Ukraine's Language Law Raises Identity Concerns

KIEV, Ukraine -- Despite public opposition and political wrangling, President Viktor Yanukovych signed Ukraine's controversial language bill into law earlier this month.

Opposition activists clash with riot police July 4, during a protest in Kiev against a new language law as President Viktor Yanukovych summoned the leaders of Parliament to limit a growing crisis. Several people were left covered in blood and broken glass littered the street. The police used tear gas to attempt to bring the situation under control.

The bill passed through the Ukrainian Parliament - the Verkhovna Rada - in early July, gaining the support of 248 deputies, thus easily clearing the required minimum of 226, albeit under controversial circumstances.

Dismissing superficial government measures to quell popular discontent, hundreds of Ukrainians took to the streets after the bill passed, in some of the biggest demonstrations since the so-called Orange Revolution.

The protesters dressed in traditional clothes, waved national flags and brandished portraits of the country's poets such as Taras Shevchenko and Volodymyr Sosyura, who are lauded for their works in Ukrainian.

Among those fighting back the tears caused by police pepper spray was heavyweight boxing champ and leader of the UDAR opposition party, Vitaliy Klytschko.

People blocked the capital's streets, picketed the Ukrainian House political and cultural center in Kiev and some even declared themselves on hunger strike.

The passage of the bill triggered a fresh round of infighting inside the chamber and prompted speaker Volodymyr Lytvyn to tender his resignation amid allegations that parliamentarians had voted on behalf of absent colleagues.

However, a little more than a month later and despite mass protests and major controversy, the bill got the final stamp of approval it needed to become law - the president's signature.

The new law states that, while Ukrainian is still the official language of the country, other "minority" languages used in Ukraine will gain official status.

Local authorities now have the right to choose which language will be considered as the official one in any given region.

This means that about 13 of 27 Ukrainian administrative units will recognize Russian as an official language.

The regions that border neighboring countries may choose Hungarian or Romanian, while some parts of the Crimea are likely to exclusively use the Tatar language.

The law allows officials to issue statements and documents in the regionally chosen language, with the same rules applying to the media and business spheres.

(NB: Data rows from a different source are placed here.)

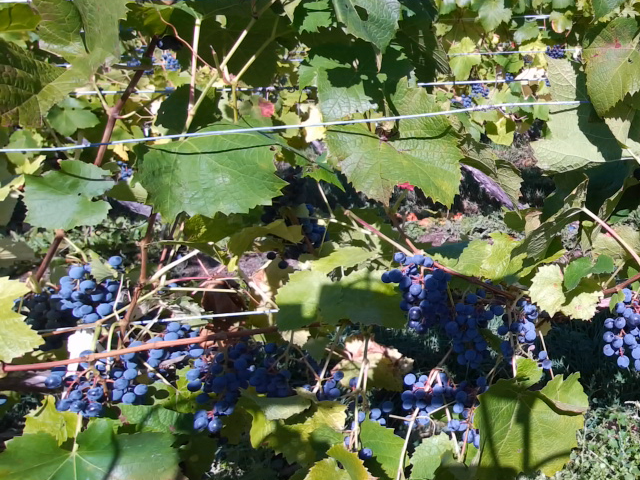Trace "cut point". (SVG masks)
<instances>
[{
  "label": "cut point",
  "instance_id": "1",
  "mask_svg": "<svg viewBox=\"0 0 640 480\" xmlns=\"http://www.w3.org/2000/svg\"><path fill=\"white\" fill-rule=\"evenodd\" d=\"M124 324L125 321L123 319H116L111 323L110 327L107 329L106 335V342L108 344H111L113 342L114 332L116 331L117 327L123 326Z\"/></svg>",
  "mask_w": 640,
  "mask_h": 480
},
{
  "label": "cut point",
  "instance_id": "2",
  "mask_svg": "<svg viewBox=\"0 0 640 480\" xmlns=\"http://www.w3.org/2000/svg\"><path fill=\"white\" fill-rule=\"evenodd\" d=\"M126 326L129 329L141 331L143 334H146V335H149L151 333V329L149 327H145L144 325H131V320H128L126 322Z\"/></svg>",
  "mask_w": 640,
  "mask_h": 480
}]
</instances>
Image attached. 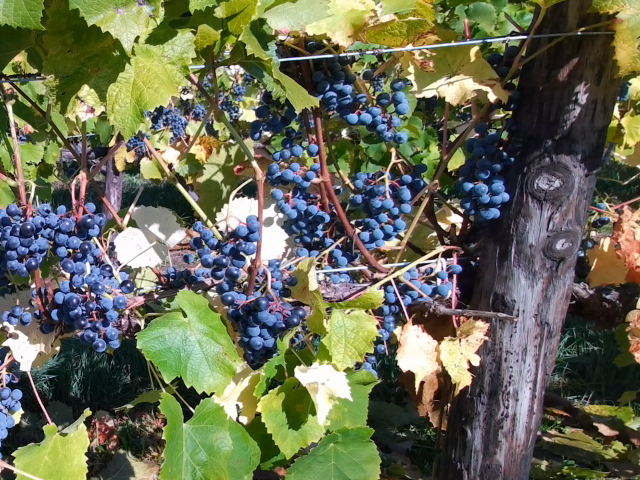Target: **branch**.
Instances as JSON below:
<instances>
[{
    "mask_svg": "<svg viewBox=\"0 0 640 480\" xmlns=\"http://www.w3.org/2000/svg\"><path fill=\"white\" fill-rule=\"evenodd\" d=\"M136 140L149 152L152 156L157 160V162L161 165L164 172L167 174L169 181L174 185L176 190L183 196V198L187 201V203L192 207V209L199 215L201 219L205 221V224L208 226L211 234L218 240L223 238V235L218 231L216 225L212 222L210 216L200 208V206L195 202V200L191 197L189 192L183 187V185L176 178L173 170L169 166V164L164 160V157L151 145V142L146 134L143 132H138L136 134Z\"/></svg>",
    "mask_w": 640,
    "mask_h": 480,
    "instance_id": "obj_4",
    "label": "branch"
},
{
    "mask_svg": "<svg viewBox=\"0 0 640 480\" xmlns=\"http://www.w3.org/2000/svg\"><path fill=\"white\" fill-rule=\"evenodd\" d=\"M34 277V293H35V302L37 309L41 312L44 317H48L50 312L43 304L42 300V290H41V274L38 270L33 272Z\"/></svg>",
    "mask_w": 640,
    "mask_h": 480,
    "instance_id": "obj_8",
    "label": "branch"
},
{
    "mask_svg": "<svg viewBox=\"0 0 640 480\" xmlns=\"http://www.w3.org/2000/svg\"><path fill=\"white\" fill-rule=\"evenodd\" d=\"M4 106L7 109V116L12 138V160L14 163V170L17 173V192L19 196V202L22 205L27 203L26 193L24 189V170L21 167V161L19 157V135L16 124L14 106L11 104V99L6 97L4 99Z\"/></svg>",
    "mask_w": 640,
    "mask_h": 480,
    "instance_id": "obj_5",
    "label": "branch"
},
{
    "mask_svg": "<svg viewBox=\"0 0 640 480\" xmlns=\"http://www.w3.org/2000/svg\"><path fill=\"white\" fill-rule=\"evenodd\" d=\"M86 137H87V123L83 122L81 124V159H80V170H79L81 175V181L78 186L79 200L77 202V216L79 218H82L84 216V205L86 203L85 189L88 183V173L86 169V151H87Z\"/></svg>",
    "mask_w": 640,
    "mask_h": 480,
    "instance_id": "obj_6",
    "label": "branch"
},
{
    "mask_svg": "<svg viewBox=\"0 0 640 480\" xmlns=\"http://www.w3.org/2000/svg\"><path fill=\"white\" fill-rule=\"evenodd\" d=\"M529 43H530L529 39L522 40L521 47L515 52V55L508 66L507 75L505 76L504 80L501 82V85L503 87H507L511 83V80L515 74V68L517 67V64L519 63L522 55L528 50Z\"/></svg>",
    "mask_w": 640,
    "mask_h": 480,
    "instance_id": "obj_7",
    "label": "branch"
},
{
    "mask_svg": "<svg viewBox=\"0 0 640 480\" xmlns=\"http://www.w3.org/2000/svg\"><path fill=\"white\" fill-rule=\"evenodd\" d=\"M312 123H313L314 130L316 132L317 144H318V149H319V157L321 159V179H322V182H323V187H324V189H325V191H326V193L328 195V198L330 199V201H331V203L333 205V208L335 209L337 218L340 221V223L344 226V228L354 238V241L357 244L358 248L361 250L365 261L372 268H376V269L380 270L384 275H388L390 273V270L388 268H386L379 261L373 260V258L371 257V254L369 252V249L364 244L361 236L356 231V229L349 223V221L345 218L344 212L342 210V207L340 206L339 200L335 196V193H334V191H333V189L331 187L330 180H329V177H328V157L326 155V146H325V142H324L323 129H322L321 125H320L319 107L317 105H314L312 107Z\"/></svg>",
    "mask_w": 640,
    "mask_h": 480,
    "instance_id": "obj_3",
    "label": "branch"
},
{
    "mask_svg": "<svg viewBox=\"0 0 640 480\" xmlns=\"http://www.w3.org/2000/svg\"><path fill=\"white\" fill-rule=\"evenodd\" d=\"M544 19H545V11L543 9H540L530 23L529 32L531 34H535L537 32V26L539 22H542Z\"/></svg>",
    "mask_w": 640,
    "mask_h": 480,
    "instance_id": "obj_11",
    "label": "branch"
},
{
    "mask_svg": "<svg viewBox=\"0 0 640 480\" xmlns=\"http://www.w3.org/2000/svg\"><path fill=\"white\" fill-rule=\"evenodd\" d=\"M493 105H494V102L492 100L485 101L482 104V106L480 107V109L477 111V113L468 122L466 127L458 134L456 139L444 151V153L441 156L439 162L435 166L433 175L431 176V179L428 182V188L426 189V191L424 192V194H423V196H422V198L420 200V203H419V206H418V209H417L416 213L410 219V222H409L407 228L404 230L403 238L401 239L400 243L398 244V246L396 248V252L393 255V258H392L393 262H399L400 261V258L403 255V251H404L405 247L407 246V243L410 241V236H411L412 231L414 230L418 220L422 217L423 213L425 212L426 205H427V202L430 199V196L435 193V184L438 182V179H439V177L441 175L442 169L446 165V162L449 159L450 155L461 144V142L464 140V138L467 136V134H469L471 132V130L473 129L475 124L482 118V116L486 113L488 108L492 107Z\"/></svg>",
    "mask_w": 640,
    "mask_h": 480,
    "instance_id": "obj_2",
    "label": "branch"
},
{
    "mask_svg": "<svg viewBox=\"0 0 640 480\" xmlns=\"http://www.w3.org/2000/svg\"><path fill=\"white\" fill-rule=\"evenodd\" d=\"M300 69L302 71L307 89L311 92H314L316 90V87L314 86L311 74L309 72L307 61H300Z\"/></svg>",
    "mask_w": 640,
    "mask_h": 480,
    "instance_id": "obj_10",
    "label": "branch"
},
{
    "mask_svg": "<svg viewBox=\"0 0 640 480\" xmlns=\"http://www.w3.org/2000/svg\"><path fill=\"white\" fill-rule=\"evenodd\" d=\"M386 147L390 150V152L392 154V157L394 158V160H395V162H396V164H397V166H398V168L400 170V173L402 175H406L408 173V170H407L406 165L403 162V160H402V158H401L396 146L392 142H388L386 144Z\"/></svg>",
    "mask_w": 640,
    "mask_h": 480,
    "instance_id": "obj_9",
    "label": "branch"
},
{
    "mask_svg": "<svg viewBox=\"0 0 640 480\" xmlns=\"http://www.w3.org/2000/svg\"><path fill=\"white\" fill-rule=\"evenodd\" d=\"M185 78L187 80H189L195 86V88L198 90V92L202 95V97L208 102V104L214 110V112L216 113V115L218 116L220 121L231 132L232 136L235 139H237L241 149L243 150L244 154L246 155V158L253 165L254 176L257 178V183H258L257 184V190H258L257 212H258V221L260 222V229L258 231H259V233H261V239H259V241H257L255 243L257 251L255 252L254 264L252 266V269H250V267L248 265H245L243 267V270H244V272L246 274L250 273L248 284H247L246 294L248 296H252L254 294V287H255V283H256V277H257V273H258V271H259V269L261 267V259H262L263 206H264V189H263L264 172H263V168L261 167L260 163L257 161V158L251 152L249 146L247 145V142H246L245 138L238 132L236 127L226 117V115L224 114L222 109L215 102L214 98L208 93V91L197 80V78L191 73H187L185 75Z\"/></svg>",
    "mask_w": 640,
    "mask_h": 480,
    "instance_id": "obj_1",
    "label": "branch"
}]
</instances>

Supporters say the law will help to abolish discrimination against Russian-speaking citizens, improve the status of other minorities living in Ukraine and recognize the fact that for many Ukrainians, their native and everyday language is not Ukrainian.

Citizens who were brought up speaking a different language than Ukrainian will not now have to learn the official language of the country, since it will not be needed even to perform state-level duties or interact with government.

In addition to the advantages for many non-Ukrainian speakers, this may be a beneficial move for the current government's credibility given that both Yanukovych and Prime Minister Mykola Azarov are notorious for having major problems with Ukrainian grammar and pronunciation.

On the other hand, opponents have expressed fears that the law will lead to the eventual loss of Ukrainian sovereignty, citing the key role of language as a transmitter of, and focal point for, national culture and arguing that neglecting the Ukrainian language will inevitably lead to a decline in Ukrainian culture.

Those such as the leader of the opposition Svoboda party Oleg Tyahnybok reject government claims that they are doing all they can to preserve the priority status of Ukrainian language, stating that Yanukovych has now taken up personal responsibility for "neglecting the Ukrainian Constitution and laws, as well as conducting Ukrainophobic politics from the very first day of ruling."

The language issue is traditionally a salient topic in Ukrainian politics, and the Yanukovych period has been no exception.

The relative positioning of Ukrainian and Russian languages and the symbolic and practical effects that this has on Ukrainian identity and self-determination have been linked to myriad issues.

When Education Minister Dmytro Tabachnik proposed in 2011 to slash Ukrainian language and literature teaching in schools, local intelligentsia as well as international watchdog groups launched a campaign for his immediate dismissal.

Belarusian journalist Konstantin Shayan captured Ukrainian fears in this regard when recounting his own experience of living in a country where Russian has long been a second official language.

"Belarusians consider books, press and TV shows in their own language to be inferior," and so they come to consider themselves as provincial to someone else's center, he said.

Shiyan also said that all Ukrainians, whatever their mother tongue, should fight against the language law, unless they want to risk a similar fate to that of contemporary Belarus.

Despite all the good the newly implemented law may bring to the country, for many Ukrainians, this is outweighed by the effect it will have in undermining the key self-identification mechanism for a country that has only been independent for 20 years.

"By tearing the informational and educational spheres of the country to pieces, the government created feudal mini-ghettos inside the country pursuing the only goal: To reduce the resistance of the fractious nation," former Foreign Affairs Minister Volodymyr Ohryzko commented.

However, a step that could ostensibly have seemed to reduce the linguistic aspect of division in Ukraine may end up exacerbating it.